Isiah James:
Well, history is replete with that phrase, help them help themselves. It never turns out the way that it sounds, right?
It’s when the pilgrims helped the indigenous people who lived there help themselves. It’s when missionaries went to countries in Africa to help those people help themselves. It never turns out the way that it sounds. It sounds very lofty, but it doesn’t really turn out that way.
My memories of Afghanistan, I have good memories, but, as you said at the beginning of the segment, my job was literally to be out in front of the main force, finding targets and executing on those targets when we got orders.
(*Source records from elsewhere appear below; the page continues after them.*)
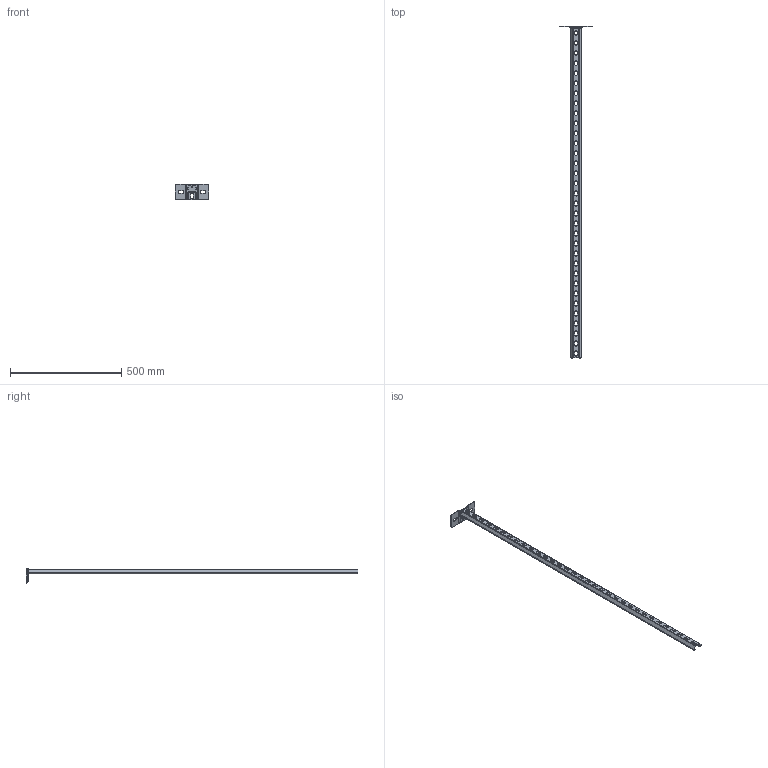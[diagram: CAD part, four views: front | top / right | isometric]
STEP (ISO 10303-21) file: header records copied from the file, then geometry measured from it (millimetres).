
FILE_DESCRIPTION (( 'STEP AP203' ), '1' );
FILE_NAME ('01-02-1074.STEP', '2013-05-02T11:42:11', ( 'asennus' ), ( '' ), 'SwSTEP 2.0', 'SolidWorks 2013', '' );
FILE_SCHEMA (( 'CONFIG_CONTROL_DESIGN' ));
Length unit declared in the file: millimetre
Products named in the file (1): 01-02-1074
Bounding box: 150 x 1492 x 70 mm (x, y, z)
Volume: 208918.3 mm3; surface area: 267264.5 mm2
Topology: 2 solids, 2 shells, 236 faces, 664 edges, 432 vertices
Faces by surface type: cylinder 116, plane 104, torus 16
Entity records: 7883 total; most frequent: DIRECTION 1386, CARTESIAN_POINT 1333, ORIENTED_EDGE 1328, EDGE_CURVE 664, AXIS2_PLACEMENT_3D 485, VERTEX_POINT 432, VECTOR 416, LINE 416

So, I don’t know if we helped them help themselves. But all I know, I’m a grunt. I’m a door kicker. I’m a — as my patrol sergeant would say, I’m a barrel-chested freedom fighter. So we didn’t make decisions at the operational or strategic level.
But I know, at the tactical level, on the ground, it didn’t look like that. All I know is that we were sent there to do a job. And 20 years on, is that job even done? Did we — like Mike said, did we even have a strategy? It was 20 different strategies.
Was this was this war ever worth it? You know, what I think about some of the memories from Afghanistan, a lot of them are haunting, a lot of them are bad. I’m still in therapy to this day because of that. I still — I’m still dealing with the PTSD. I’m still dealing with the night terrors and the traumas. And I’m 34 years old.
And I retired medically at 27 because I got hit by too many IEDs.